NLP(Natural Language Processing) is a field of linguistics and machine learning focused on understanding everything related to human language. The aim of NLP tasks is not only to understand single words individually, but to be able to understand the context of those words.
The following is a list of common NLP tasks, with some examples of each:
- Classifying whole sentences: Getting the sentiment of a review, detecting if an email is spam, determining if a sentence is grammatically correct or whether two sentences are logically related or not
- Classifying each word in a sentence: Identifying the grammatical components of a sentence (noun, verb, adjective), or the named entities (person, location, organization)
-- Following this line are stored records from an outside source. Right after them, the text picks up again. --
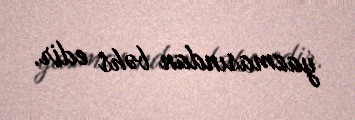
yazmasından bəhs edir.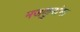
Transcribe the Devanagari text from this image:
मजकुरांना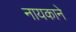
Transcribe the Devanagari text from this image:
नायकाने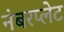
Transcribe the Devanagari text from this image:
नंबरप्लेट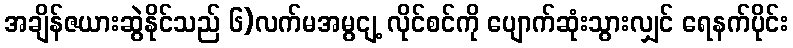
အချိန်ဇယားဆွဲနိုင်သည် ၆)လက်မအမွငျ့ လိုင်စင်ကို ပျောက်ဆုံးသွားလျှင် ရေနက်ပိုင်း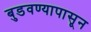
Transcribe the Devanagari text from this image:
बुडवण्यापासून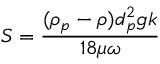
S = \frac { ( \rho _ { p } - \rho ) d _ { p } ^ { 2 } g k } { 1 8 \mu \omega }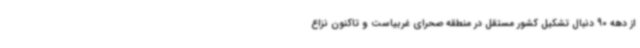
از دهه 90 دنبال تشکیل کشور مستقل در منطقه صحرای غربیاست و تاکنون نزاع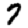
Digit: 7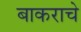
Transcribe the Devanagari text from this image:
बाकराचे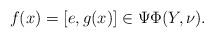
LaTeX: \begin{align*}f(x)=[e,g(x)]\in \Psi\Phi(Y,\nu).\end{align*}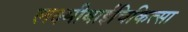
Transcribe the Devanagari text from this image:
लक्ष्मीबाईचिकित्सा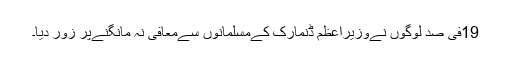
19فی صد لوگوں نےوزیراعظم ڈنمارک کےمسلمانوں سےمعافی نہ مانگنےپر زور دیا۔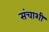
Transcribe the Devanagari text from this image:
संचाशी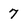
Character: 7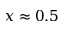
x \approx 0 . 5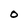
Character: 0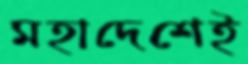
মহাদেশেই

- Generating text content: Completing a prompt with auto-generated text, filling in the blanks in a text with masked words
- Extracting an answer from a text: Given a question and a context, extracting the answer to the question based on the information provided in the context
- Generating a new sentence from an input text: Translating a text into another language, summarizing a text
NLP isn’t limited to written text though. It also tackles complex challenges in speech recognition and computer vision, such as generating a transcript of an audio sample or a description of an image.
Earlier, if you wanted to do NLP, you had to train a specific model for a specific task.
- If you wanted to translate English to French, you trained a “Translation Model.”
- If you wanted to detect spam, you trained a “Spam Model.”
- These models were “small” and usually couldn’t do anything else. If you asked the Translation Model to detect spam, it would fail completely.
It existed long before LLMs. In the past, NLP used simpler methods (like rules or small statistical models) to solve these problems.